Fig. 5: Negative control histological section in hematoxylin and eosin staining (100 magnification). K, keratin layer; E, epithelium; C, connective tissue; P, periosteum; PB, palatine bone; AMR, antemolar rugae

There are also human trials concerning the tissue reactions under complete or partial dentures. Jani and Bhargava43 found a general increase in the palatal ET associated with increased KT with no change in stratum granulosum and corneum. Increased epithelial volume and hyperkeratotic changes were also reported.44 Turck45 observed thicker stratum corneum under dentures. On the contrary, Ostlund36 showed thinner or absent stratum corneum under complete dentures with parakeratosis. Hence, from the above literature evidence, the histomorphometric changes under the denture are considered debatable. The plausible reason could be the differences in the composition and type of prosthetic appliances used by the subjects, polymerization regimens, and masticatory loads.
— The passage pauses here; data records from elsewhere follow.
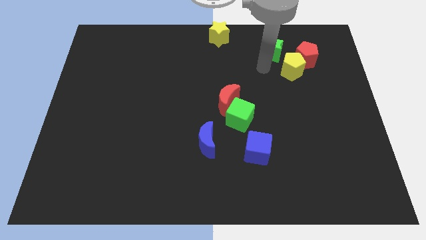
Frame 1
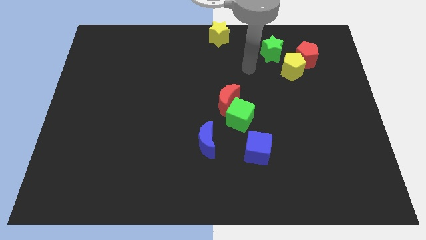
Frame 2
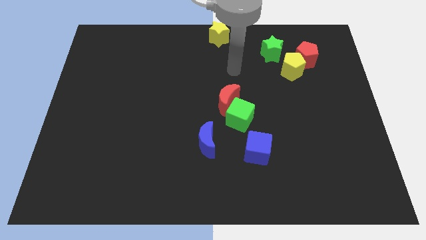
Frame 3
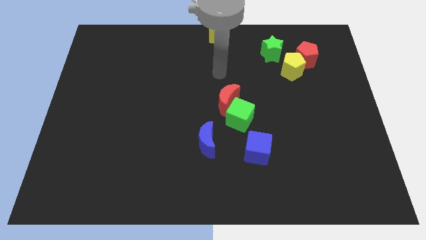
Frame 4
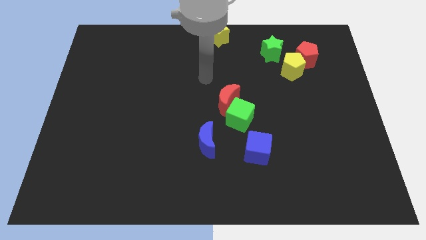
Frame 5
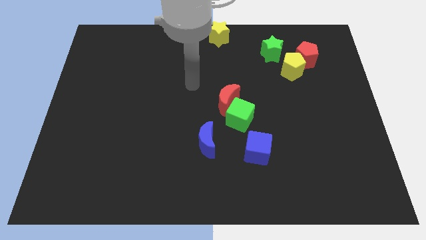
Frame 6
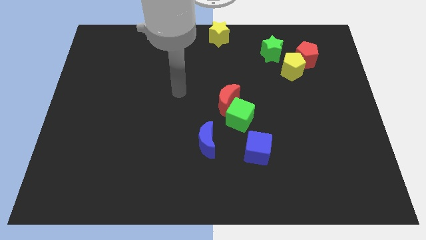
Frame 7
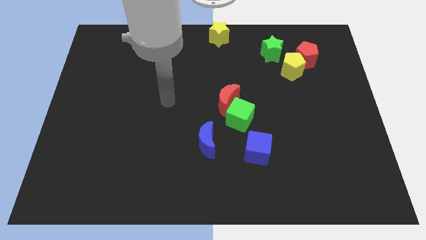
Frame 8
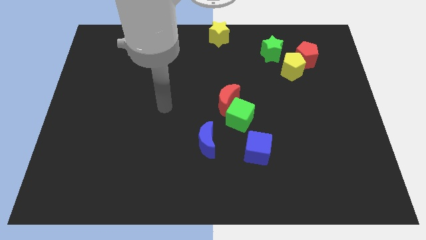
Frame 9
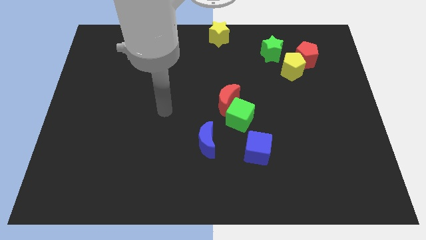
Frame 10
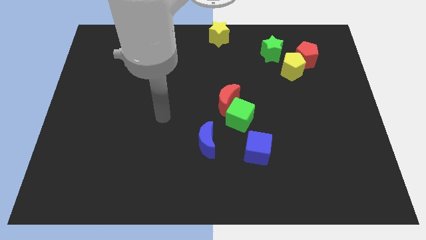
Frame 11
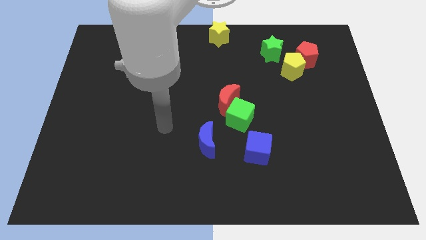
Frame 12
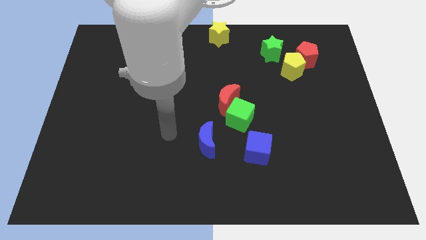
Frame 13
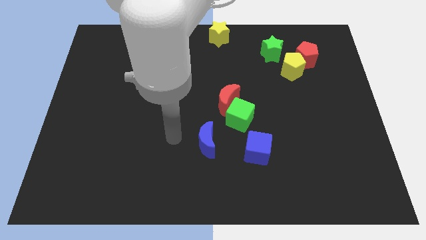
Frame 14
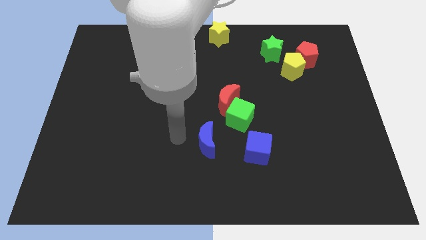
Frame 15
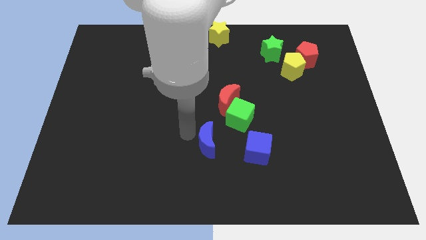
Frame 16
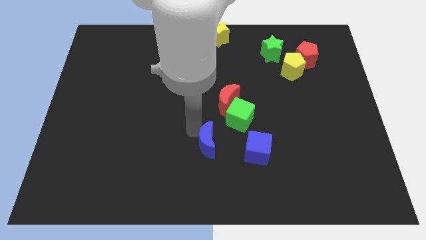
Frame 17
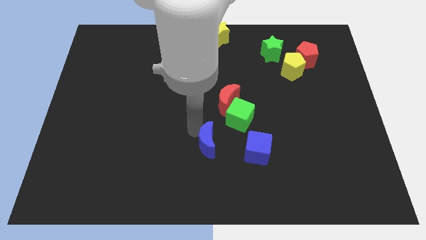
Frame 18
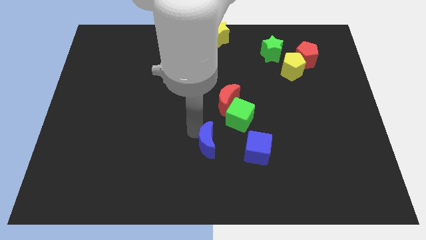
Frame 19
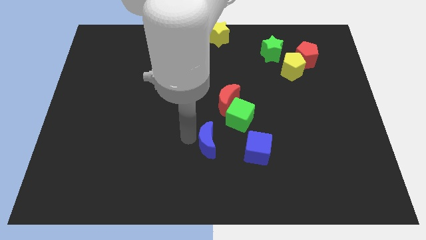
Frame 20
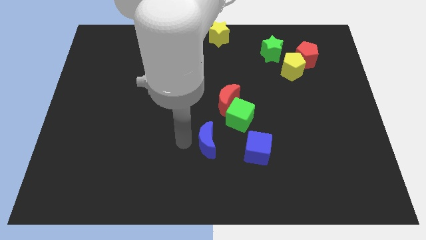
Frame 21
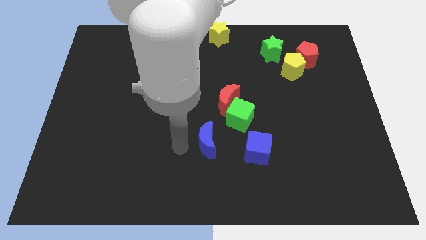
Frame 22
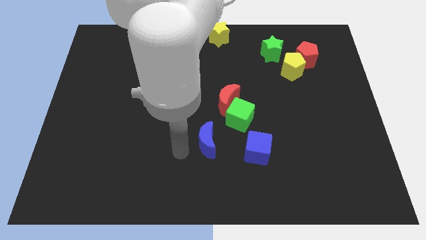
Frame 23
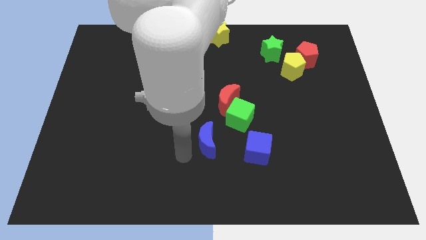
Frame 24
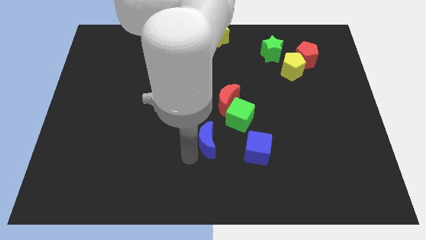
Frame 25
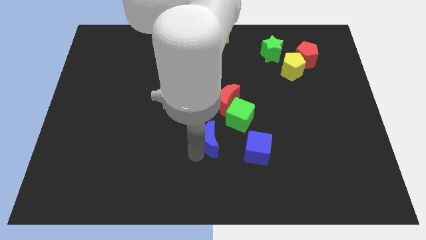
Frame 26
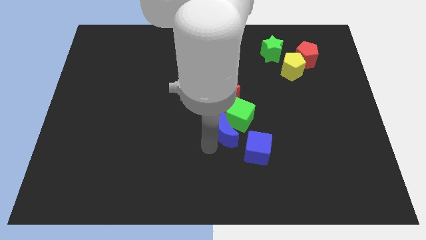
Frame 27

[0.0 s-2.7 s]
place blue moon to the bottom of green cube

The most common method to assess the biocompatibility of the biomaterials in animals was through subcutaneous implantation that does not simulate the oral tissue contact by the material. DBR remains in close contact with oral tissues. Erstwhile, studies determined the biological responses of DBR directly on rats with the DBA.33,41,4648 Hence, in the present research, the DBAs were fabricated to simulate palatal tissue contact by the appliance. Also, the DBA was retained on the molars with self-adhesive resin cement. Meister et al.49 found that composite resin without acid-etching was efficacious in retaining the appliance. Jorge et al.21,27 luted the DBA with autopolymerizing acrylic resin. The heat emanated during polymerization and URM from the material could cause histological vagary. Barclay et al.50 faced ineffective retention with self-cure resin cement, which was eventually superseded with zinc oxide–eugenol cement. These cements could cause histological variations jeopardizing the results.
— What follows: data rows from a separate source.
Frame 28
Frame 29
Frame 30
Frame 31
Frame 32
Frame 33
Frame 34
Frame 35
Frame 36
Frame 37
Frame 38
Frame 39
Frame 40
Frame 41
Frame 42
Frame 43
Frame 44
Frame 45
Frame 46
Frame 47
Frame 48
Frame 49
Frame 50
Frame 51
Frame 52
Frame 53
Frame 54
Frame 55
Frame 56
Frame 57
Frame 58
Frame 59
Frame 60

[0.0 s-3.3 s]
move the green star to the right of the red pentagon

The results of the present research may not be completely appertained to the clinical scenario. This is owing to the 2 weeks of continuous DBA-palatine tissue contact, which in actuality is ill-advised to a denture patient. Conventionally, the denture patients are strongly recommended denture removal at night aiming to provide rest and allowing the denture-bearing tissues to revive from the masticatory load compressions since morning. Nevertheless, the DBAs were not able to be regularly removed and cleansed in order to maintain denture hygiene as done routinely by the patients. All the above-mentioned factors might affect the outcome of the present research. Anesthetizing the rats each time during insertion and removal of DBA is impractical due to ethical constraints. Therefore, formal human trials should be considered in the future to ascertain and adjudicate the biocompatibility of the novel denture copolymer.

CONCLUSION

Hence, from the results of the current research, it can be concluded that the novel TP denture copolymer P(MMA-Co-DMTOSU) containing 20 wt.% of DMTOSU comonomer exhibited a better histocompatibility in rats than the P(MMA).